Black teacher told to set up gospel choir: union hears stories of school bigotry

17th April 2017 at 12:34
Delegates at NUT conference reveal stories of school bigotry, including wheelchair user told "if I was a horse I would have been taken outside and shot"

Teachers have revealed how they have been subject to bigotry in schools, with one black teacher told they should set up a gospel choir, and an Asian teacher repeatedly confused with another member of staff.

A wheelchair user said she was told by colleagues “if I was a horse I would have been taken outside and shot”.

The shocking experiences were recounted by teachers during an equalities section at the NUT’s annual conference in Cardiff.

'I smiled, I didn't say anything'

Sharon John, a black primary school teacher, said: “At an interview, a governor said to me ‘we could really do with a gospel choir’.

“I smiled, I didn’t say anything, but I wracked my brains to think ‘was that part of my PGCSE training?’”, she said.

Ms John also recalled how she was approached by one of her “gorgeous little children”, who said to her “I never knew black people could speak English”.

“I replied to her: ‘well you’ve been in this school since reception and you’ve got black children in your class and you’ve spoken to them, and you’ve been speaking to me since September’.”

The pupil responded: “I know now.”

'Everyone assumed we were the same person'

Niparun Nessa said she faced racism “every year” as a teacher.

“I was in a school where I was the only Asian teacher for a while, and then another Asian member of staff started...everyone assumed we were the same person – both children and staff,” she said.

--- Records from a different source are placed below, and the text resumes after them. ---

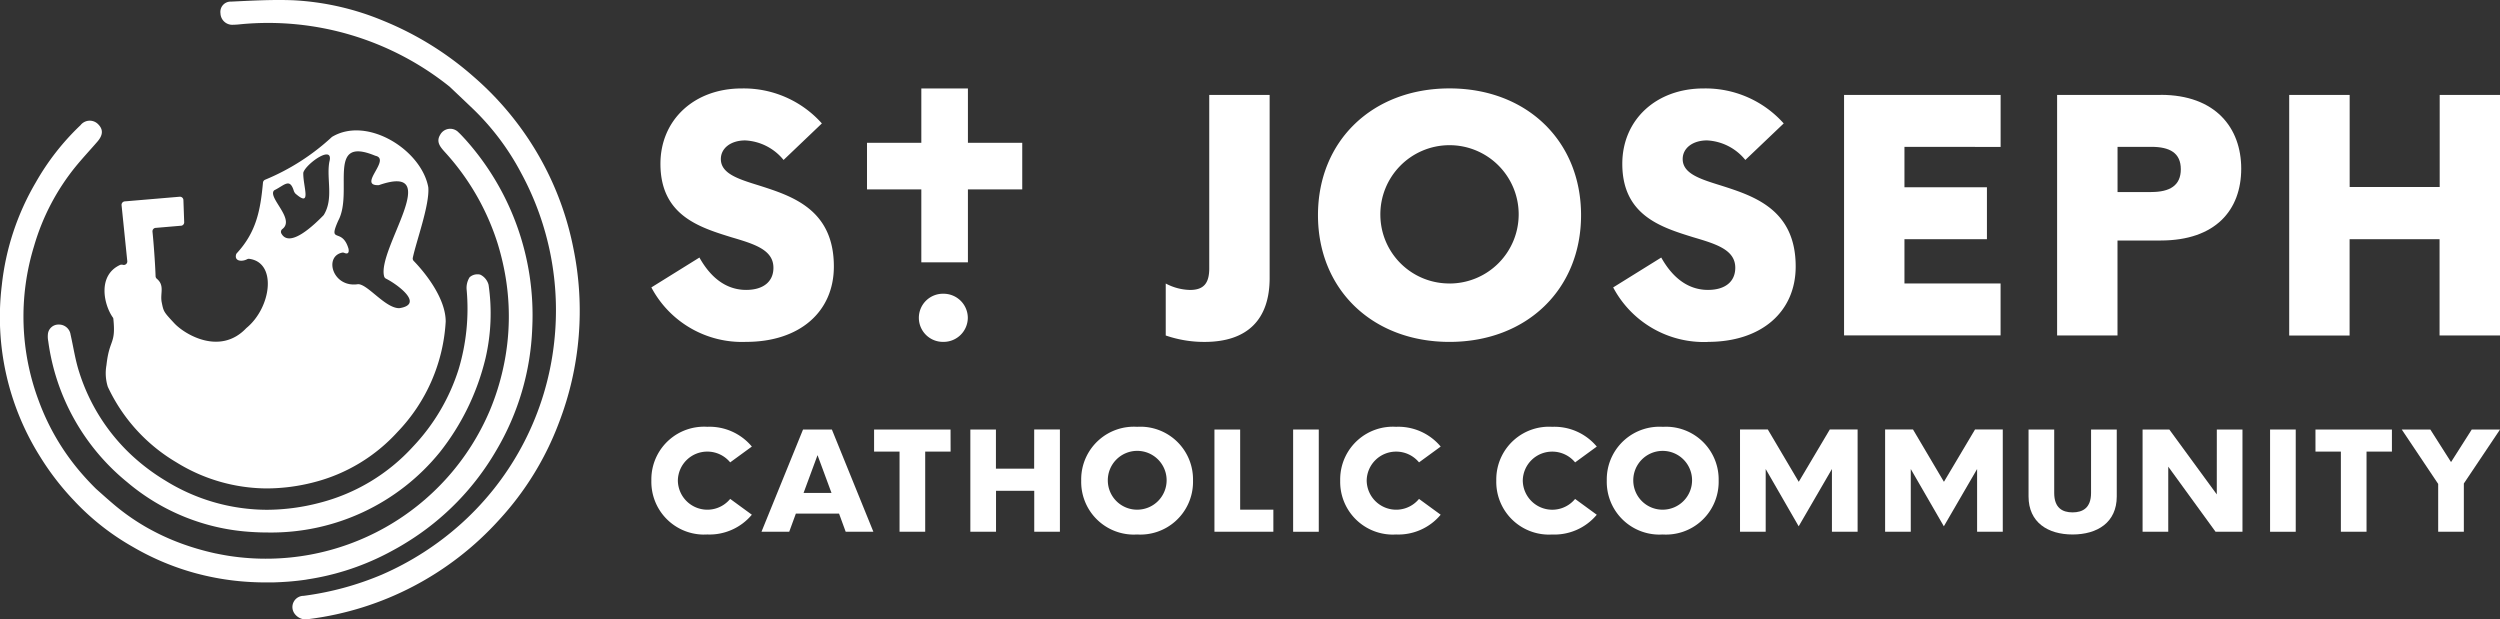 <svg xmlns="http://www.w3.org/2000/svg" width="215" height="53.259" viewBox="0 0 215 53.259">
  <rect x="0" y="0" width="215" height="53.259" fill="#333333" stroke="none"/>
  <g id="logo-footer" transform="translate(-949.429 -111.738)">
    <g id="Group_52" data-name="Group 52">
      <rect id="Rectangle_33" data-name="Rectangle 33" width="2.205" height="8.794" transform="translate(1060.638 148.676)" fill="#fff"/>
      <path id="Path_87" data-name="Path 87" d="M1056.083,148.676h-2.212v8.794h5.067v-1.9h-2.855Z" fill="#fff"/>
      <path id="Path_88" data-name="Path 88" d="M1069.507,150.577a2.542,2.542,0,0,1,1.958.926l1.863-1.36a4.744,4.744,0,0,0-3.834-1.7,4.53,4.53,0,0,0-4.8,4.244c-.008.129-.011.257-.008.386a4.532,4.532,0,0,0,4.421,4.639c.129,0,.258,0,.386-.008h0a4.744,4.744,0,0,0,3.834-1.7l-1.863-1.36a2.538,2.538,0,0,1-4.5-1.569v0A2.526,2.526,0,0,1,1069.507,150.577Z" fill="#fff"/>
      <path id="Path_89" data-name="Path 89" d="M1038.366,152.042h-3.287v-3.366h-2.2v8.794h2.208v-3.521h3.287v3.518h2.207v-8.794l-2.211,0Z" fill="#fff"/>
      <path id="Path_90" data-name="Path 90" d="M1047.608,148.435c-.13,0-.259,0-.388.008a4.53,4.53,0,0,0-4.8,4.244c-.008.129-.01.257-.007.386a4.53,4.53,0,0,0,4.42,4.639c.129,0,.258,0,.387-.008h0a4.53,4.53,0,0,0,4.8-4.244c.008-.129.011-.258.008-.387A4.531,4.531,0,0,0,1047.608,148.435Zm-.367,7.135a2.517,2.517,0,0,1-2.54-2.5v0a2.529,2.529,0,1,1,2.54,2.5Z" fill="#fff"/>
      <path id="Path_91" data-name="Path 91" d="M1018.49,148.676l-3.574,8.793h2.386l.57-1.559h3.716l.57,1.559h2.381l-3.569-8.793Zm.047,5.452,1.2-3.248,1.2,3.248Z" fill="#fff"/>
      <path id="Path_92" data-name="Path 92" d="M1010.265,150.576a2.544,2.544,0,0,1,1.959.926l1.864-1.36a4.745,4.745,0,0,0-3.834-1.7,4.529,4.529,0,0,0-4.8,4.241c-.008.129-.01.259-.007.388a4.532,4.532,0,0,0,4.419,4.64c.129,0,.259,0,.388-.008a4.745,4.745,0,0,0,3.834-1.7l-1.863-1.361a2.537,2.537,0,0,1-4.5-1.57v0A2.525,2.525,0,0,1,1010.265,150.576Z" fill="#fff"/>
      <path id="Path_93" data-name="Path 93" d="M1024.6,148.676v1.9h2.19v6.893h2.206v-6.893h2.185l-.005-1.9Z" fill="#fff"/>
      <path id="Path_94" data-name="Path 94" d="M1082.93,150.578a2.543,2.543,0,0,1,1.959.926l1.863-1.36a4.747,4.747,0,0,0-3.834-1.7,4.529,4.529,0,0,0-4.8,4.244c-.008.129-.011.258-.008.386a4.532,4.532,0,0,0,4.421,4.639c.129,0,.258,0,.386-.007v0a4.744,4.744,0,0,0,3.834-1.7l-1.863-1.36a2.538,2.538,0,0,1-4.5-1.57h0A2.525,2.525,0,0,1,1082.93,150.578Z" fill="#fff"/>
      <path id="Path_95" data-name="Path 95" d="M1129.259,154.137c0,1.267-.7,1.666-1.59,1.666s-1.578-.4-1.578-1.666v-5.461h-2.207v5.757c0,2.228,1.661,3.271,3.786,3.271,2.141,0,3.8-1.043,3.8-3.271v-5.757h-2.209Z" fill="#fff"/>
      <rect id="Rectangle_34" data-name="Rectangle 34" width="2.207" height="8.794" transform="translate(1144.655 148.676)" fill="#fff"/>
      <path id="Path_96" data-name="Path 96" d="M1127.67,157.7h0Z" fill="#fff"/>
      <path id="Path_97" data-name="Path 97" d="M1162,148.676l-1.781,2.8-1.781-2.8h-2.458l3.133,4.679v4.114h2.207v-4.15l3.112-4.643Z" fill="#fff"/>
      <path id="Path_98" data-name="Path 98" d="M1140.073,154.257l-4.082-5.581h-2.3v8.794h2.208v-5.6l4.069,5.6h2.314v-8.794h-2.206Z" fill="#fff"/>
      <path id="Path_99" data-name="Path 99" d="M1104.121,153.174l-2.659-4.5h-2.392v8.794h2.208v-5.394l2.837,4.926,2.86-4.926v5.393h2.208v-8.794h-2.391Z" fill="#fff"/>
      <path id="Path_100" data-name="Path 100" d="M1092.813,148.438c-.129,0-.258,0-.388.007a4.529,4.529,0,0,0-4.805,4.235c-.008.131-.011.261-.008.392a4.532,4.532,0,0,0,4.419,4.64c.13,0,.26,0,.389-.008l.005,0a4.531,4.531,0,0,0,4.8-4.245c.008-.129.011-.258.008-.387A4.53,4.53,0,0,0,1092.813,148.438Zm-.382,7.132a2.516,2.516,0,0,1-2.54-2.5v0a2.528,2.528,0,1,1,2.54,2.5Z" fill="#fff"/>
      <path id="Path_101" data-name="Path 101" d="M1148.56,150.576h2.184v6.893h2.207v-6.893h2.183v-1.9h-6.575Z" fill="#fff"/>
      <path id="Path_102" data-name="Path 102" d="M1116.607,153.174l-2.659-4.5h-2.4v8.794h2.207v-5.394L1116.6,157l2.86-4.926v5.393h2.208v-8.794h-2.387Z" fill="#fff"/>
      <path id="Path_103" data-name="Path 103" d="M1151.495,132.31h7.736v8.277h5.2V119.9l-5.189,0v7.918H1151.5v-7.918h-5.2v20.693h5.194Z" fill="#fff"/>
      <path id="Path_104" data-name="Path 104" d="M1013.6,136.67c-1.62,0-2.988-.938-4.021-2.784l-4.133,2.57a8.819,8.819,0,0,0,8.154,4.683c4.58,0,7.541-2.57,7.541-6.483,0-4.938-3.63-6.07-6.479-6.98-1.789-.553-3.24-1.022-3.24-2.262,0-.938.866-1.6,2.094-1.6a4.534,4.534,0,0,1,3.3,1.681l3.294-3.142a9,9,0,0,0-6.9-3.008c-4.077,0-6.983,2.7-6.983,6.483,0,4.44,3.352,5.461,6.117,6.318,1.955.578,3.6,1.071,3.6,2.62C1015.947,135.953,1015.079,136.67,1013.6,136.67Z" fill="#fff"/>
      <path id="Path_105" data-name="Path 105" d="M1121.479,136.116h-8.267V132.31h7.093v-4.469h-7.093v-3.475l8.27.007V119.9h-13.464v20.683h13.461Z" fill="#fff"/>
      <path id="Path_106" data-name="Path 106" d="M1096.317,136.67c-1.618,0-2.987-.938-4.021-2.784l-4.134,2.57a8.821,8.821,0,0,0,8.155,4.689v-.006c4.58,0,7.541-2.57,7.541-6.483,0-4.938-3.63-6.07-6.478-6.98-1.787-.553-3.24-1.022-3.24-2.263,0-.938.865-1.6,2.094-1.6a4.525,4.525,0,0,1,3.294,1.682l3.3-3.142a9.007,9.007,0,0,0-6.9-3.008c-4.077,0-6.981,2.7-6.981,6.483,0,4.44,3.351,5.461,6.116,6.318,1.954.578,3.6,1.071,3.6,2.62C1098.663,135.953,1097.8,136.67,1096.317,136.67Z" fill="#fff"/>
      <path id="Path_107" data-name="Path 107" d="M1053.031,141.139h0Z" fill="#fff"/>
      <path id="Path_108" data-name="Path 108" d="M1085.4,130.241c0-6.4-4.694-10.9-11.313-10.9s-11.312,4.5-11.312,10.9,4.694,10.9,11.312,10.9h0C1080.707,141.139,1085.4,136.641,1085.4,130.241Zm-11.285,5.875h0a5.922,5.922,0,0,1-5.975-5.87v0a5.948,5.948,0,1,1,5.975,5.874Z" fill="#fff"/>
      <path id="Path_109" data-name="Path 109" d="M1058.618,135.648V119.9h-5.194v14.925c0,1.295-.5,1.848-1.648,1.848a4.642,4.642,0,0,1-2.094-.553v4.47a10.151,10.151,0,0,0,3.35.553C1056.689,141.138,1058.618,139.235,1058.618,135.648Z" fill="#fff"/>
      <path id="Path_110" data-name="Path 110" d="M1142.174,126.241c0-3.5-2.206-6.346-6.925-6.346v.008h-8.909v20.683h5.194v-8.165h3.715C1139.968,132.421,1142.174,129.8,1142.174,126.241Zm-7.736,2.013h-2.9v-3.888h2.9c1.591,0,2.541.523,2.541,1.927s-.95,1.959-2.541,1.959Z" fill="#fff"/>
      <path id="Path_111" data-name="Path 111" d="M1030.566,137a2.07,2.07,0,1,0,0,4.139h0a2.082,2.082,0,0,0,2.095-2.068v0A2.082,2.082,0,0,0,1030.566,137Z" fill="#fff"/>
      <path id="Path_112" data-name="Path 112" d="M1037.342,124.017h-4.672v-4.672h-4.007v4.672h-4.672v4.007h4.672V134.3h4.007v-6.275h4.672Z" fill="#fff"/>
    </g>
    <path id="Path_115" data-name="Path 115" d="M964.6,151.5a14.877,14.877,0,0,0,7.776,2.243,16.308,16.308,0,0,0,4.073-.537,14.6,14.6,0,0,0,7.156-4.309,14.916,14.916,0,0,0,4.154-9.507c0-1.935-1.653-4.078-2.749-5.209a.3.3,0,0,1-.08-.271c.291-1.4,1.45-4.54,1.334-6.042a.33.33,0,0,0-.006-.044c-.6-3.2-5.24-6.112-8.252-4.328a.311.311,0,0,0-.061.047,19.26,19.26,0,0,1-5.725,3.655.3.3,0,0,0-.175.246c-.22,2.388-.575,4.247-2.246,6.066a.294.294,0,0,0-.067.116c-.157.589.513.634.94.41a.322.322,0,0,1,.184-.039c2.417.307,1.912,4.192-.234,5.949l-.018.017c-2.239,2.364-5.281.549-6.191-.431s-.911-.982-1.076-1.792c-.157-.777.285-1.445-.428-2.035a.3.3,0,0,1-.1-.22c-.03-.993-.173-2.946-.266-3.822a.3.3,0,0,1,.228-.323l2.27-.193a.3.3,0,0,0,.227-.327l-.067-1.9a.3.3,0,0,0-.328-.263l-4.72.4a.3.3,0,0,0-.269.329l.491,4.81a.3.3,0,0,1-.367.32.4.4,0,0,0-.238,0c-1.993.908-1.406,3.465-.624,4.543a.216.216,0,0,1,.032.106c.226,2.223-.342,1.689-.593,3.971A3.91,3.91,0,0,0,958.7,145,14.812,14.812,0,0,0,964.6,151.5Zm14.8-18.374c-.555-1.884-1.789-.356-.888-2.4l.007-.015c1.335-2.472-1.075-7.346,3.182-5.579,1.407.29-1.513,2.557.251,2.531a.285.285,0,0,0,.1-.017c5.644-1.933-.223,5.541.414,7.863a.3.3,0,0,0,.158.193c.889.437,3.337,2.182,1.181,2.534a.462.462,0,0,1-.065.005c-1.2-.02-2.7-2.076-3.521-2.064-2.179.335-2.959-2.386-1.357-2.714a.29.29,0,0,1,.174.022C979.259,133.585,979.484,133.568,979.4,133.123Zm-6.434-4.973a.257.257,0,0,1,.093-.073c.858-.434,1.295-1.051,1.641.081a.7.7,0,0,0,.137.228c1.426,1.239.66-.57.674-1.756a.3.3,0,0,1,.019-.1c.309-.781,2.632-2.41,2.225-.88l-.006.028c-.252,1.434.381,3.125-.463,4.523a.358.358,0,0,1-.045.058c-.763.781-2.9,2.863-3.614,1.557a.3.3,0,0,1,.079-.378C974.831,130.6,972.513,128.793,972.97,128.15Z" fill="#fff"/>
    <g id="Group_53" data-name="Group 53">
      <path id="Path_116" data-name="Path 116" d="M955.5,140.522a1.008,1.008,0,0,0-1.021-.872h0a.907.907,0,0,0-.933.864,1.983,1.983,0,0,0,.032.568,18.861,18.861,0,0,0,6.788,12.121,18.19,18.19,0,0,0,10.606,4.278q.774.053,1.526.052a18.674,18.674,0,0,0,14.76-6.91,20.846,20.846,0,0,0,3.927-8.082,17.069,17.069,0,0,0,.262-6.305,1.351,1.351,0,0,0-.683-.863.625.625,0,0,0-.25-.044,1,1,0,0,0-.7.255,1.716,1.716,0,0,0-.25,1.111,18.085,18.085,0,0,1-.694,6.8,17.187,17.187,0,0,1-3.918,6.648,16.35,16.35,0,0,1-8.042,4.837,18.085,18.085,0,0,1-4.53.6,16.641,16.641,0,0,1-8.723-2.507,17.661,17.661,0,0,1-2.86-2.142,16.6,16.6,0,0,1-4.557-7.191C955.9,142.692,955.744,141.592,955.5,140.522Z" fill="#fff"/>
      <path id="Path_117" data-name="Path 117" d="M994.946,123.8a26.318,26.318,0,0,0-4.788-5.469,27.326,27.326,0,0,0-7.787-4.817,23.149,23.149,0,0,0-7.691-1.752c-1.788-.072-3.587.031-5.378.115a.881.881,0,0,0-.913,1,1.016,1.016,0,0,0,1.1.99,6.1,6.1,0,0,0,.632-.044,24.954,24.954,0,0,1,17.977,5.371c.477.453,1.245,1.177,2.008,1.907a21.7,21.7,0,0,1,4.133,5.5,24.753,24.753,0,0,1,2.847,14.59,24.562,24.562,0,0,1-7.985,15.573,25.268,25.268,0,0,1-6.848,4.4,25.8,25.8,0,0,1-6.711,1.816.964.964,0,0,0-.795,1.511,1.2,1.2,0,0,0,1.281.481,26.511,26.511,0,0,0,16.342-8.545,25.59,25.59,0,0,0,5.126-8.33,26.753,26.753,0,0,0,1.252-14.965A26.115,26.115,0,0,0,994.946,123.8Z" fill="#fff"/>
      <path id="Path_118" data-name="Path 118" d="M975.9,161.56c.265-.041.529-.085.792-.136.129-.024.258-.05.387-.077s.287-.061.431-.094c.206-.047.41-.1.614-.151.068-.017.135-.034.2-.053.267-.072.533-.15.8-.232l.079-.025a22.055,22.055,0,0,0,3.409-1.4l.205-.106q.255-.134.507-.274c.371-.2.74-.416,1.1-.643a22.613,22.613,0,0,0,7.7-7.921,22.235,22.235,0,0,0,3.077-10.483,22.637,22.637,0,0,0-5.73-16.211c-.2-.214-.4-.441-.617-.641a.981.981,0,0,0-1.573.222c-.369.609.021,1.05.391,1.463a21.035,21.035,0,0,1,4.56,7.9q.321,1.047.535,2.1a20.6,20.6,0,0,1-.082,8.679,21.065,21.065,0,0,1-1.118,3.531A20.908,20.908,0,0,1,969.23,159.56l-.181-.028c-.131-.021-.263-.044-.394-.068-.221-.04-.441-.082-.661-.129l-.013,0q-.839-.182-1.678-.432a21,21,0,0,1-2.295-.828h0c-.124-.053-.246-.108-.369-.164-.158-.072-.316-.145-.473-.222-.071-.034-.142-.07-.213-.106-.166-.083-.33-.169-.493-.256l-.154-.083c-.182-.1-.362-.2-.542-.31q-.137-.081-.273-.165c-.058-.035-.115-.072-.173-.108a18.829,18.829,0,0,1-1.872-1.351c-.6-.494-1.176-1.017-1.758-1.533q-.564-.557-1.1-1.161a20.042,20.042,0,0,1-3.819-6.386,20.628,20.628,0,0,1-.41-13.331,19.392,19.392,0,0,1,3.595-6.859c.591-.719,1.226-1.4,1.838-2.105.505-.579.528-1.062.079-1.511a1.008,1.008,0,0,0-1.519.081,21.218,21.218,0,0,0-3.854,4.934,22.12,22.12,0,0,0-2.915,8.844,22.551,22.551,0,0,0,3.308,14.746,22.873,22.873,0,0,0,2.987,3.845l.033.038a21.271,21.271,0,0,0,4.935,3.854,22.28,22.28,0,0,0,5.012,2.158l.032.009c.172.05.345.1.519.143l.262.067.252.062a22.683,22.683,0,0,0,4.373.6c.419.018.833.024,1.244.021l.259,0c.168,0,.335-.008.5-.015.228-.008.454-.021.68-.036l.224-.015q.778-.06,1.546-.172C975.8,161.577,975.852,161.568,975.9,161.56Z" fill="#fff"/>
    </g>
  </g>
</svg>

A colleague even “argued” with her about “seeing me somewhere half an hour ago when I was at home… he wasn’t convinced that wasn’t me”.

Ms Nessa said she “got a bit of a complex” when the other member became pregnant last year.

“Everyone was looking at my stomach, thinking ‘is she showing or not?’”

She also said a colleague had been subject to such sustained homophobic abuse that “he got to a stage where he was locking himself in the classroom with his class to stop the children getting at him”.

Catherine Scarlett, a wheelchair user, said that when she became physically disabled, her senior leadership team “refused adjustments”.

“I was told that if I was a horse I would have been taken outside and shot,” she said. “I was jokingly told to get a catheter when I found out that the disabled toilet was up two flights of stair.”

Ms Scarlett said the treatment eventually resulted in her having a “complete physical and mental breakdown”.

Disablist language was ignored

Colleen Johnson, a teacher with a physical disability affecting her arms, recalled that when she reported a pupil’s abusive language to school management it fell on deaf ears.

“I had a very interesting situation at school with a hard to reach or tricky parent recently, who taught her child disablist language to upset me,” she said.

The girl approached her and said: “My Mum says you’ve got T-Rex arms.”

Ms Johnson reported the incident “only to be told ‘we don’t record such incidents, only racist incidents’.

“I told them, ‘I think you better start recording them’,” Ms Johnson added.